◆ Aim of the task: The records below are to be reproduced word for word.

◆ Data for the task:

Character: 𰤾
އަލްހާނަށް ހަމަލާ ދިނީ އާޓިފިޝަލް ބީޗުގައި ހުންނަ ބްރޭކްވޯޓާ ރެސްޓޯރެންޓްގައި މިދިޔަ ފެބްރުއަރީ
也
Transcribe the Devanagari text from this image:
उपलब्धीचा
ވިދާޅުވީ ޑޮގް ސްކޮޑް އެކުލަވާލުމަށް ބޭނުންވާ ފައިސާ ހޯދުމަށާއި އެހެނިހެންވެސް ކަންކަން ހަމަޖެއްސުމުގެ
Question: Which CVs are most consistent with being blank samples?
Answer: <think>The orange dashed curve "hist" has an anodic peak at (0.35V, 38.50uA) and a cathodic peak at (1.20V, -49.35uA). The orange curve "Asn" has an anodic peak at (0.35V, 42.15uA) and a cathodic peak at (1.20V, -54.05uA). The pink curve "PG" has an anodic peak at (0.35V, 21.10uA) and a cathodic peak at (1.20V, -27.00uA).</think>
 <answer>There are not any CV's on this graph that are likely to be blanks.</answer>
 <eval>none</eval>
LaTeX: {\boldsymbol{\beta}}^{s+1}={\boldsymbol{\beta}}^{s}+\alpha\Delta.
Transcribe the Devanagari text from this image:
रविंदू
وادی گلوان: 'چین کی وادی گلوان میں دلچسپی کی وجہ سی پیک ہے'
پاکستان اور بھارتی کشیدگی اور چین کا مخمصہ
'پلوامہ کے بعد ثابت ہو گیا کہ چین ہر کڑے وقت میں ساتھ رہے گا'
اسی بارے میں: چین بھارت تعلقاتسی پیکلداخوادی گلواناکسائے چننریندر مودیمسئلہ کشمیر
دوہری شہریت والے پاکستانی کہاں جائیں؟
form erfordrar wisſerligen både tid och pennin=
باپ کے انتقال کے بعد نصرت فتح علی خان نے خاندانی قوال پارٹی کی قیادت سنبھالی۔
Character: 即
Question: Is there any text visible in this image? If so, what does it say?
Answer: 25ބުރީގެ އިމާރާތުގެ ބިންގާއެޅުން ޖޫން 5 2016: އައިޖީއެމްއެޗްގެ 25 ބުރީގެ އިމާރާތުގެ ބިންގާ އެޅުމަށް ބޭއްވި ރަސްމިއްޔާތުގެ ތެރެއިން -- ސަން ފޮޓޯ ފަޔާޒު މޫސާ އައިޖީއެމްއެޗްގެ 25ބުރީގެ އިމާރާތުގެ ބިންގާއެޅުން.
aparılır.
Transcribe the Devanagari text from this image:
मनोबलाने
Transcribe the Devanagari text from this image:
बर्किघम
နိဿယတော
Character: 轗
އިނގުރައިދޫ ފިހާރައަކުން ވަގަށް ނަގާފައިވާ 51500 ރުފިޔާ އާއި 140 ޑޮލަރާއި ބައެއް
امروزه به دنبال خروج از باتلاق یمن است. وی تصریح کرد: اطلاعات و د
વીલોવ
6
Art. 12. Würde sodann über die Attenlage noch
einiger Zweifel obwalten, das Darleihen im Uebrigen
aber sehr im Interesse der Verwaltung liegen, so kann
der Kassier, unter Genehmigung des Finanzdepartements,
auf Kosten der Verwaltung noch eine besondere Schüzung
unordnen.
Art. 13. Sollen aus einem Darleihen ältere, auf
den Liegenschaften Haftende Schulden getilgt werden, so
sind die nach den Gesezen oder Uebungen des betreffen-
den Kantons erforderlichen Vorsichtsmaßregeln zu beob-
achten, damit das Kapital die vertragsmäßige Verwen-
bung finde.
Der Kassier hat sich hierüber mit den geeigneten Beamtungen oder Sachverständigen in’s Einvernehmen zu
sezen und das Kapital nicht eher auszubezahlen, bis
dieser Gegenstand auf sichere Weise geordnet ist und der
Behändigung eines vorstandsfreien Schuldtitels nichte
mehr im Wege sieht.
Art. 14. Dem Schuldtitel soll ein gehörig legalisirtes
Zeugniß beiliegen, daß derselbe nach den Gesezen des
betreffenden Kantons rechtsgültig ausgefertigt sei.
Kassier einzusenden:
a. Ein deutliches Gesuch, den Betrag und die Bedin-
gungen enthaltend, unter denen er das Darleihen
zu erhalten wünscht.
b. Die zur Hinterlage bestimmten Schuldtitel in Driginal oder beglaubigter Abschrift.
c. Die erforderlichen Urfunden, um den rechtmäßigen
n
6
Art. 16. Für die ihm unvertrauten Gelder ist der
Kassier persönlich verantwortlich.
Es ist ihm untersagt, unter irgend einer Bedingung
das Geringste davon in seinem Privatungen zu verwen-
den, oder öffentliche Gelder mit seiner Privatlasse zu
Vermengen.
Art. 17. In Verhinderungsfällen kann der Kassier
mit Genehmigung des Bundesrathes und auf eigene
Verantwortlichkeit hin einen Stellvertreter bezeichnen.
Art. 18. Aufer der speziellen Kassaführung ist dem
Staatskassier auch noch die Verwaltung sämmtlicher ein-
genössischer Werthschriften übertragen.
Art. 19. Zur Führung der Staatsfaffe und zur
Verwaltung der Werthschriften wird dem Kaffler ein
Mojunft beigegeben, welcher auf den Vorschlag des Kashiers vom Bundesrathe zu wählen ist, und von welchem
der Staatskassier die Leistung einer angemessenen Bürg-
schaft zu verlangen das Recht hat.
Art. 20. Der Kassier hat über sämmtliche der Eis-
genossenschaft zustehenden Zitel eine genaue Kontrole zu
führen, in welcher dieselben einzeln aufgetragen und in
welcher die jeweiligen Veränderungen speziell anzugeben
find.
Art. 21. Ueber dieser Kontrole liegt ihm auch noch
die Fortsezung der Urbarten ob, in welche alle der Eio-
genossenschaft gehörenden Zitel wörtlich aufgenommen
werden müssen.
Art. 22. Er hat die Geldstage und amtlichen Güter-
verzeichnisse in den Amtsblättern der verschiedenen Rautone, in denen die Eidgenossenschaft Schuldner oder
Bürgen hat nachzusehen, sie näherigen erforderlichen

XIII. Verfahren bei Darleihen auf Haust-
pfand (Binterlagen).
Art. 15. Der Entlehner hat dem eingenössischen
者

◆ Written answer:
Character: 𰤾
އަލްހާނަށް ހަމަލާ ދިނީ އާޓިފިޝަލް ބީޗުގައި ހުންނަ ބްރޭކްވޯޓާ ރެސްޓޯރެންޓްގައި މިދިޔަ ފެބްރުއަރީ
也
Transcribe the Devanagari text from this image:
उपलब्धीचा
ވިދާޅުވީ ޑޮގް ސްކޮޑް އެކުލަވާލުމަށް ބޭނުންވާ ފައިސާ ހޯދުމަށާއި އެހެނިހެންވެސް ކަންކަން ހަމަޖެއްސުމުގެ
Question: Which CVs are most consistent with being blank samples?
Answer: <think>The orange dashed curve "hist" has an anodic peak at (0.35V, 38.50uA) and a cathodic peak at (1.20V, -49.35uA). The orange curve "Asn" has an anodic peak at (0.35V, 42.15uA) and a cathodic peak at (1.20V, -54.05uA). The pink curve "PG" has an anodic peak at (0.35V, 21.10uA) and a cathodic peak at (1.20V, -27.00uA).</think>
 <answer>There are not any CV's on this graph that are likely to be blanks.</answer>
 <eval>none</eval>
LaTeX: {\boldsymbol{\beta}}^{s+1}={\boldsymbol{\beta}}^{s}+\alpha\Delta.
Transcribe the Devanagari text from this image:
रविंदू
وادی گلوان: 'چین کی وادی گلوان میں دلچسپی کی وجہ سی پیک ہے'
پاکستان اور بھارتی کشیدگی اور چین کا مخمصہ
'پلوامہ کے بعد ثابت ہو گیا کہ چین ہر کڑے وقت میں ساتھ رہے گا'
اسی بارے میں: چین بھارت تعلقاتسی پیکلداخوادی گلواناکسائے چننریندر مودیمسئلہ کشمیر
دوہری شہریت والے پاکستانی کہاں جائیں؟
form erfordrar wisſerligen både tid och pennin=
باپ کے انتقال کے بعد نصرت فتح علی خان نے خاندانی قوال پارٹی کی قیادت سنبھالی۔
Character: 即
Question: Is there any text visible in this image? If so, what does it say?
Answer: 25ބުރީގެ އިމާރާތުގެ ބިންގާއެޅުން ޖޫން 5 2016: އައިޖީއެމްއެޗްގެ 25 ބުރީގެ އިމާރާތުގެ ބިންގާ އެޅުމަށް ބޭއްވި ރަސްމިއްޔާތުގެ ތެރެއިން -- ސަން ފޮޓޯ ފަޔާޒު މޫސާ އައިޖީއެމްއެޗްގެ 25ބުރީގެ އިމާރާތުގެ ބިންގާއެޅުން.
aparılır.
Transcribe the Devanagari text from this image:
मनोबलाने
Transcribe the Devanagari text from this image:
बर्किघम
နိဿယတော
Character: 轗
އިނގުރައިދޫ ފިހާރައަކުން ވަގަށް ނަގާފައިވާ 51500 ރުފިޔާ އާއި 140 ޑޮލަރާއި ބައެއް
امروزه به دنبال خروج از باتلاق یمن است. وی تصریح کرد: اطلاعات و د
વીલોવ
6
Art. 12. Würde sodann über die Attenlage noch
einiger Zweifel obwalten, das Darleihen im Uebrigen
aber sehr im Interesse der Verwaltung liegen, so kann
der Kassier, unter Genehmigung des Finanzdepartements,
auf Kosten der Verwaltung noch eine besondere Schüzung
unordnen.
Art. 13. Sollen aus einem Darleihen ältere, auf
den Liegenschaften Haftende Schulden getilgt werden, so
sind die nach den Gesezen oder Uebungen des betreffen-
den Kantons erforderlichen Vorsichtsmaßregeln zu beob-
achten, damit das Kapital die vertragsmäßige Verwen-
bung finde.
Der Kassier hat sich hierüber mit den geeigneten Beamtungen oder Sachverständigen in’s Einvernehmen zu
sezen und das Kapital nicht eher auszubezahlen, bis
dieser Gegenstand auf sichere Weise geordnet ist und der
Behändigung eines vorstandsfreien Schuldtitels nichte
mehr im Wege sieht.
Art. 14. Dem Schuldtitel soll ein gehörig legalisirtes
Zeugniß beiliegen, daß derselbe nach den Gesezen des
betreffenden Kantons rechtsgültig ausgefertigt sei.
Kassier einzusenden:
a. Ein deutliches Gesuch, den Betrag und die Bedin-
gungen enthaltend, unter denen er das Darleihen
zu erhalten wünscht.
b. Die zur Hinterlage bestimmten Schuldtitel in Driginal oder beglaubigter Abschrift.
c. Die erforderlichen Urfunden, um den rechtmäßigen
n
6
Art. 16. Für die ihm unvertrauten Gelder ist der
Kassier persönlich verantwortlich.
Es ist ihm untersagt, unter irgend einer Bedingung
das Geringste davon in seinem Privatungen zu verwen-
den, oder öffentliche Gelder mit seiner Privatlasse zu
Vermengen.
Art. 17. In Verhinderungsfällen kann der Kassier
mit Genehmigung des Bundesrathes und auf eigene
Verantwortlichkeit hin einen Stellvertreter bezeichnen.
Art. 18. Aufer der speziellen Kassaführung ist dem
Staatskassier auch noch die Verwaltung sämmtlicher ein-
genössischer Werthschriften übertragen.
Art. 19. Zur Führung der Staatsfaffe und zur
Verwaltung der Werthschriften wird dem Kaffler ein
Mojunft beigegeben, welcher auf den Vorschlag des Kashiers vom Bundesrathe zu wählen ist, und von welchem
der Staatskassier die Leistung einer angemessenen Bürg-
schaft zu verlangen das Recht hat.
Art. 20. Der Kassier hat über sämmtliche der Eis-
genossenschaft zustehenden Zitel eine genaue Kontrole zu
führen, in welcher dieselben einzeln aufgetragen und in
welcher die jeweiligen Veränderungen speziell anzugeben
find.
Art. 21. Ueber dieser Kontrole liegt ihm auch noch
die Fortsezung der Urbarten ob, in welche alle der Eio-
genossenschaft gehörenden Zitel wörtlich aufgenommen
werden müssen.
Art. 22. Er hat die Geldstage und amtlichen Güter-
verzeichnisse in den Amtsblättern der verschiedenen Rautone, in denen die Eidgenossenschaft Schuldner oder
Bürgen hat nachzusehen, sie näherigen erforderlichen

XIII. Verfahren bei Darleihen auf Haust-
pfand (Binterlagen).
Art. 15. Der Entlehner hat dem eingenössischen
者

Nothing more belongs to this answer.